Data:

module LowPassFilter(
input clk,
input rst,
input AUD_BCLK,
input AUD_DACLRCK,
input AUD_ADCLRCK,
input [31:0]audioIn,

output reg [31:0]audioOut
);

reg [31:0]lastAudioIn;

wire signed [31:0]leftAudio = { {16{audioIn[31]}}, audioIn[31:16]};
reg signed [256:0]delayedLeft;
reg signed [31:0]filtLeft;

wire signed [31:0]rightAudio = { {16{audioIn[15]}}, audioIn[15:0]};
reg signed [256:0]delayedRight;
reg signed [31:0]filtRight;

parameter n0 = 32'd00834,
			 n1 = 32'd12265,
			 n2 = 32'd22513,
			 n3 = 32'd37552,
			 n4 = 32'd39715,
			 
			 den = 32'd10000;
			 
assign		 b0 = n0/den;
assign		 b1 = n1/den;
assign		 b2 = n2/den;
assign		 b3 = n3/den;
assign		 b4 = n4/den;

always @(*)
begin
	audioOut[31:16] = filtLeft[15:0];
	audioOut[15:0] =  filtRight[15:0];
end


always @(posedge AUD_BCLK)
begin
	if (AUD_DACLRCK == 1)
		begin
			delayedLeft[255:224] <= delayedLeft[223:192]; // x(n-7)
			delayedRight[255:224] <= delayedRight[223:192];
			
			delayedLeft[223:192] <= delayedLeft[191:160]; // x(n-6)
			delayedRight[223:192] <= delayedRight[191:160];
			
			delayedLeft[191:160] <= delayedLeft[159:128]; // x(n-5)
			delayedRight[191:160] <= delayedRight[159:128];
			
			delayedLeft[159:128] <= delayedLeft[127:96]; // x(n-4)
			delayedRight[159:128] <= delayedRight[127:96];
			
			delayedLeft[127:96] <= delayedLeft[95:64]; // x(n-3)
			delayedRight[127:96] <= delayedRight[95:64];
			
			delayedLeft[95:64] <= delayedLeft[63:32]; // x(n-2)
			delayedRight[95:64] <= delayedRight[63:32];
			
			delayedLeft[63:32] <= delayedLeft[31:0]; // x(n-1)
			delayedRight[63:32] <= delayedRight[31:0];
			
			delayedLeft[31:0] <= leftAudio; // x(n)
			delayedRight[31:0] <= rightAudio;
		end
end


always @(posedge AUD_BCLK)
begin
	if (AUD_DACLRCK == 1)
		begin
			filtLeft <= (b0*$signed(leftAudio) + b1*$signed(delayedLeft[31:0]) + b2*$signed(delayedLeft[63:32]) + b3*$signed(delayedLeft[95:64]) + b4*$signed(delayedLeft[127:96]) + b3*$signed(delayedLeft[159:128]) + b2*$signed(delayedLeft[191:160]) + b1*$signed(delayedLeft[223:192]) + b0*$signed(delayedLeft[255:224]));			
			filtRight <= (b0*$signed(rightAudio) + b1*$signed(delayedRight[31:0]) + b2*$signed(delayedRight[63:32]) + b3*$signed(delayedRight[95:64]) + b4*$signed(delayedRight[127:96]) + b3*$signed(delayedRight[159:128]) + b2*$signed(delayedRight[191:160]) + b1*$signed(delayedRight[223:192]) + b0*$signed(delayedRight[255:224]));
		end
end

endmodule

Try it: Without altering a single word, write out the whole listing.

Output of the task:
module LowPassFilter(
input clk,
input rst,
input AUD_BCLK,
input AUD_DACLRCK,
input AUD_ADCLRCK,
input [31:0]audioIn,

output reg [31:0]audioOut
);

reg [31:0]lastAudioIn;

wire signed [31:0]leftAudio = { {16{audioIn[31]}}, audioIn[31:16]};
reg signed [256:0]delayedLeft;
reg signed [31:0]filtLeft;

wire signed [31:0]rightAudio = { {16{audioIn[15]}}, audioIn[15:0]};
reg signed [256:0]delayedRight;
reg signed [31:0]filtRight;

parameter n0 = 32'd00834,
			 n1 = 32'd12265,
			 n2 = 32'd22513,
			 n3 = 32'd37552,
			 n4 = 32'd39715,
			 
			 den = 32'd10000;
			 
assign		 b0 = n0/den;
assign		 b1 = n1/den;
assign		 b2 = n2/den;
assign		 b3 = n3/den;
assign		 b4 = n4/den;

always @(*)
begin
	audioOut[31:16] = filtLeft[15:0];
	audioOut[15:0] =  filtRight[15:0];
end


always @(posedge AUD_BCLK)
begin
	if (AUD_DACLRCK == 1)
		begin
			delayedLeft[255:224] <= delayedLeft[223:192]; // x(n-7)
			delayedRight[255:224] <= delayedRight[223:192];
			
			delayedLeft[223:192] <= delayedLeft[191:160]; // x(n-6)
			delayedRight[223:192] <= delayedRight[191:160];
			
			delayedLeft[191:160] <= delayedLeft[159:128]; // x(n-5)
			delayedRight[191:160] <= delayedRight[159:128];
			
			delayedLeft[159:128] <= delayedLeft[127:96]; // x(n-4)
			delayedRight[159:128] <= delayedRight[127:96];
			
			delayedLeft[127:96] <= delayedLeft[95:64]; // x(n-3)
			delayedRight[127:96] <= delayedRight[95:64];
			
			delayedLeft[95:64] <= delayedLeft[63:32]; // x(n-2)
			delayedRight[95:64] <= delayedRight[63:32];
			
			delayedLeft[63:32] <= delayedLeft[31:0]; // x(n-1)
			delayedRight[63:32] <= delayedRight[31:0];
			
			delayedLeft[31:0] <= leftAudio; // x(n)
			delayedRight[31:0] <= rightAudio;
		end
end


always @(posedge AUD_BCLK)
begin
	if (AUD_DACLRCK == 1)
		begin
			filtLeft <= (b0*$signed(leftAudio) + b1*$signed(delayedLeft[31:0]) + b2*$signed(delayedLeft[63:32]) + b3*$signed(delayedLeft[95:64]) + b4*$signed(delayedLeft[127:96]) + b3*$signed(delayedLeft[159:128]) + b2*$signed(delayedLeft[191:160]) + b1*$signed(delayedLeft[223:192]) + b0*$signed(delayedLeft[255:224]));			
			filtRight <= (b0*$signed(rightAudio) + b1*$signed(delayedRight[31:0]) + b2*$signed(delayedRight[63:32]) + b3*$signed(delayedRight[95:64]) + b4*$signed(delayedRight[127:96]) + b3*$signed(delayedRight[159:128]) + b2*$signed(delayedRight[191:160]) + b1*$signed(delayedRight[223:192]) + b0*$signed(delayedRight[255:224]));
		end
end

endmodule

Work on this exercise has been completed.